Maputo — A general meeting of the shareholders of Hidroelectrica de Cahora Bassa (HCB), held in Maputo on Tuesday, elected a former Mozambican Transport Minister, Paulo Muxanga, chairman of the new board of directors.
His predecessor was the Portuguese appointee Joaquim da Silva Correia.
The new board represents the new shareholding structure of HCB.
As of Tuesday, the Mozambican state holds 85 per cent of the shares, and the Portuguese state 15 per cent. Previously Portugal owned 82 per cent of HCB, and so there was always a Portuguese majority on the board, and a Portuguese chairperson.

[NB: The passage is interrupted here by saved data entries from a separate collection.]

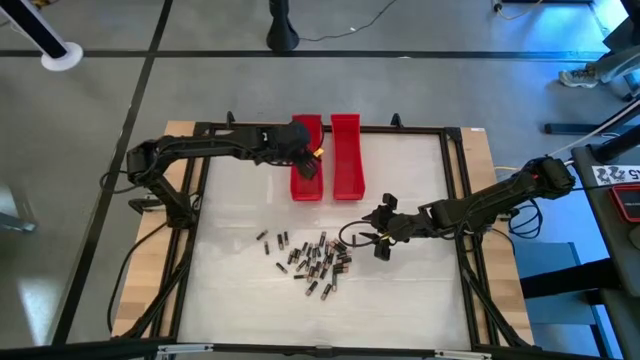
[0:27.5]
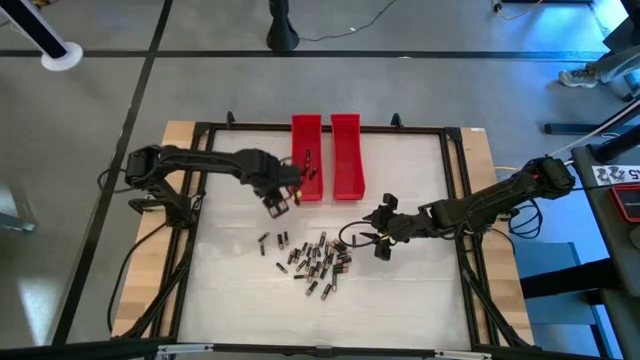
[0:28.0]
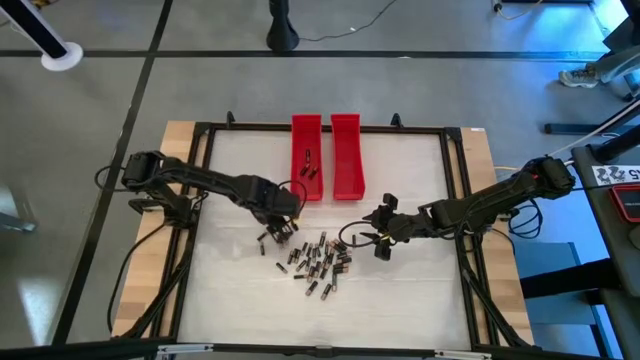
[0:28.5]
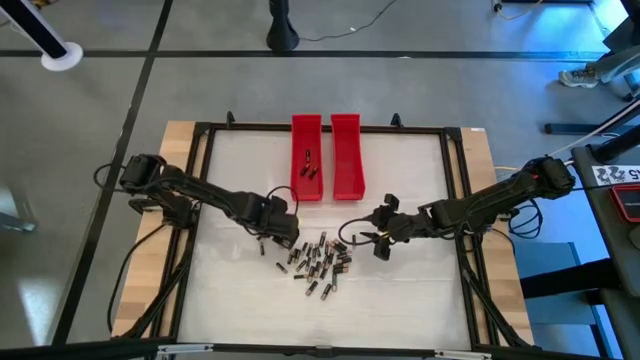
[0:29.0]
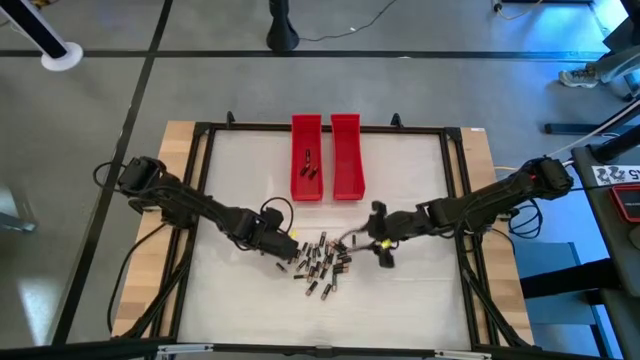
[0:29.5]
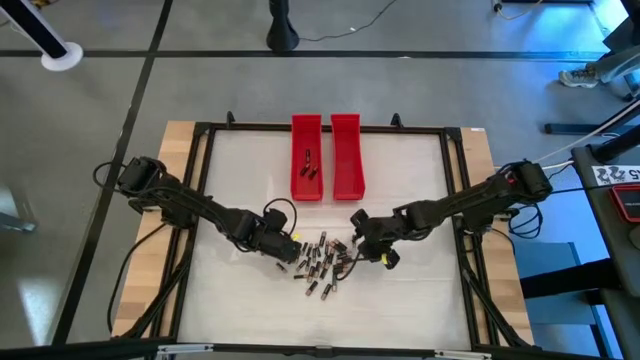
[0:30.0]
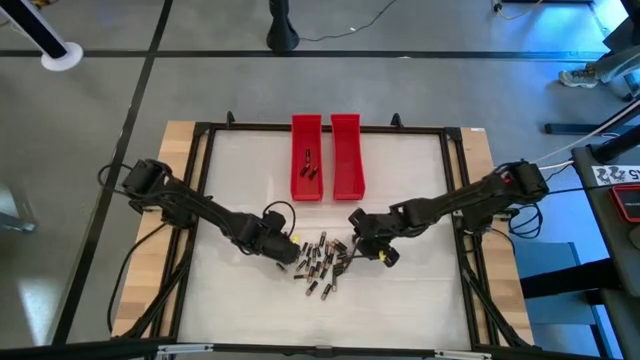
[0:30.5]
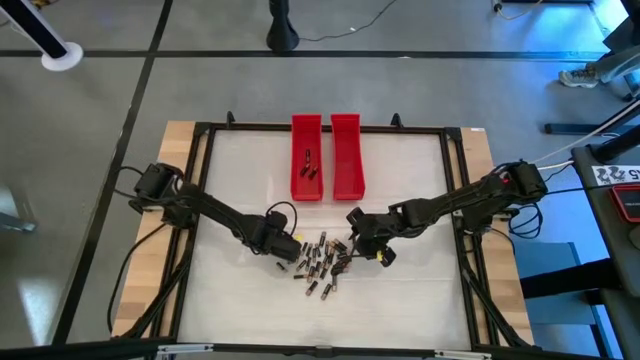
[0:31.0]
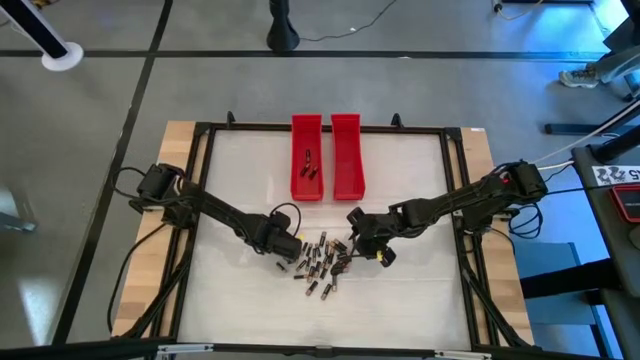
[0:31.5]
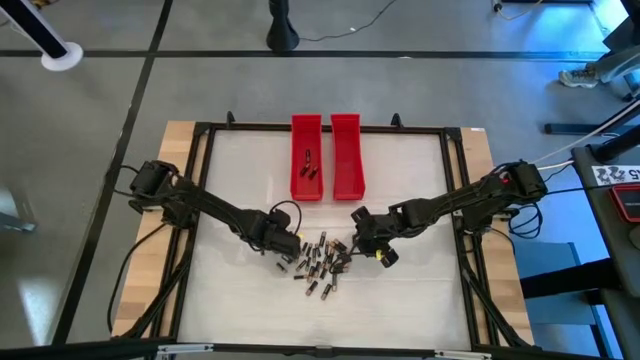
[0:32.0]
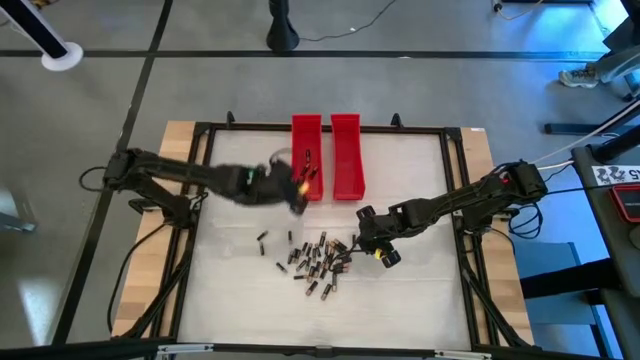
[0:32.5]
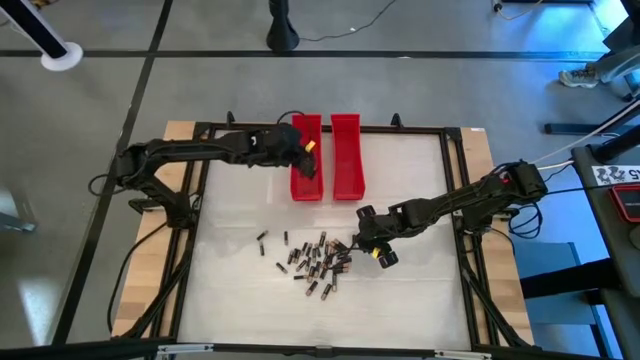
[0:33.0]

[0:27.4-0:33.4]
Put the large black battery into the left red bin

Re-elected to the new board were Manuel Tome, who is the head of the parliamentary group of the ruling Frelimo Party, and Gildo Sibumbe, a former director of the Mozambican state electricity company, EDM.
There are four other Mozambican directors (Max Tonela, Isabel Guembe, Domingos Torcida and Rosaque Guale), and two Portuguese directors (Fernando Marques da Costa and Alvaro Pinto Correia).

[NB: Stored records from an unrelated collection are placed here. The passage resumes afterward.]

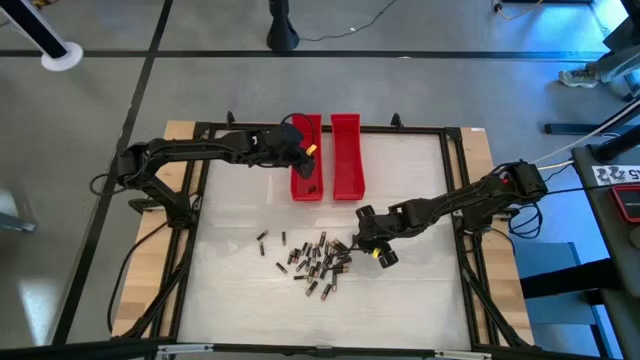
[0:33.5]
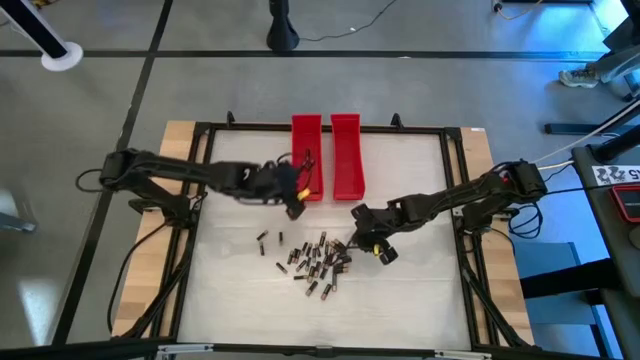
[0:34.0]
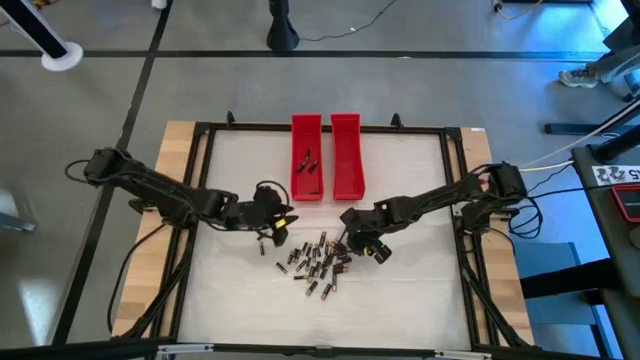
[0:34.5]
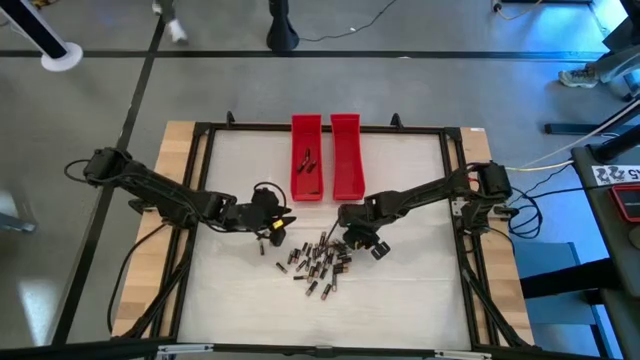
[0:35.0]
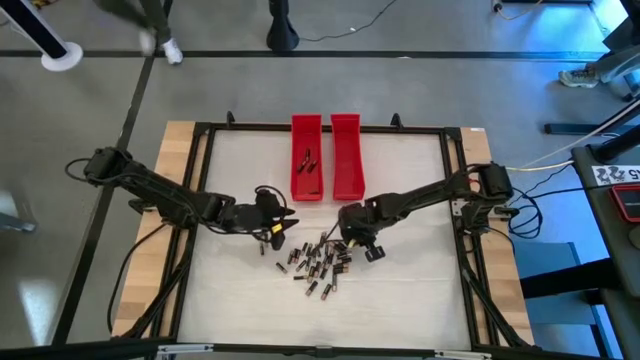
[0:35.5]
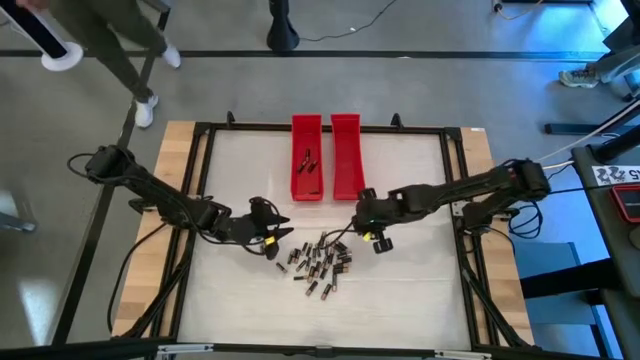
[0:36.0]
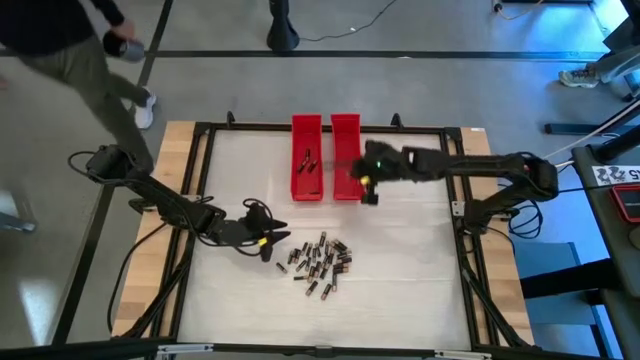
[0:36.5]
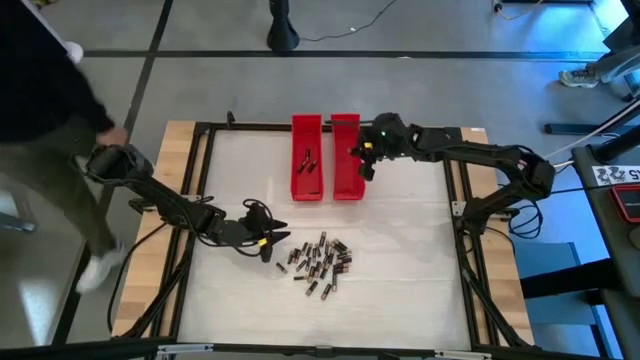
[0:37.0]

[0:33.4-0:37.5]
Put the small black battery into the right red bin

The supervisory board is now chaired by Mozambican jurist Acucena Duarte, who also heads the Petitions Commission of the Mozambican parliament, the Assembly of the Republic, while the new chair of the General Meeting is the Portuguese, Galvao Teles.
If, as seems likely, Portugal sells a further five per cent of its shares in HCB, the number of directors to which it is entitled will fall to one.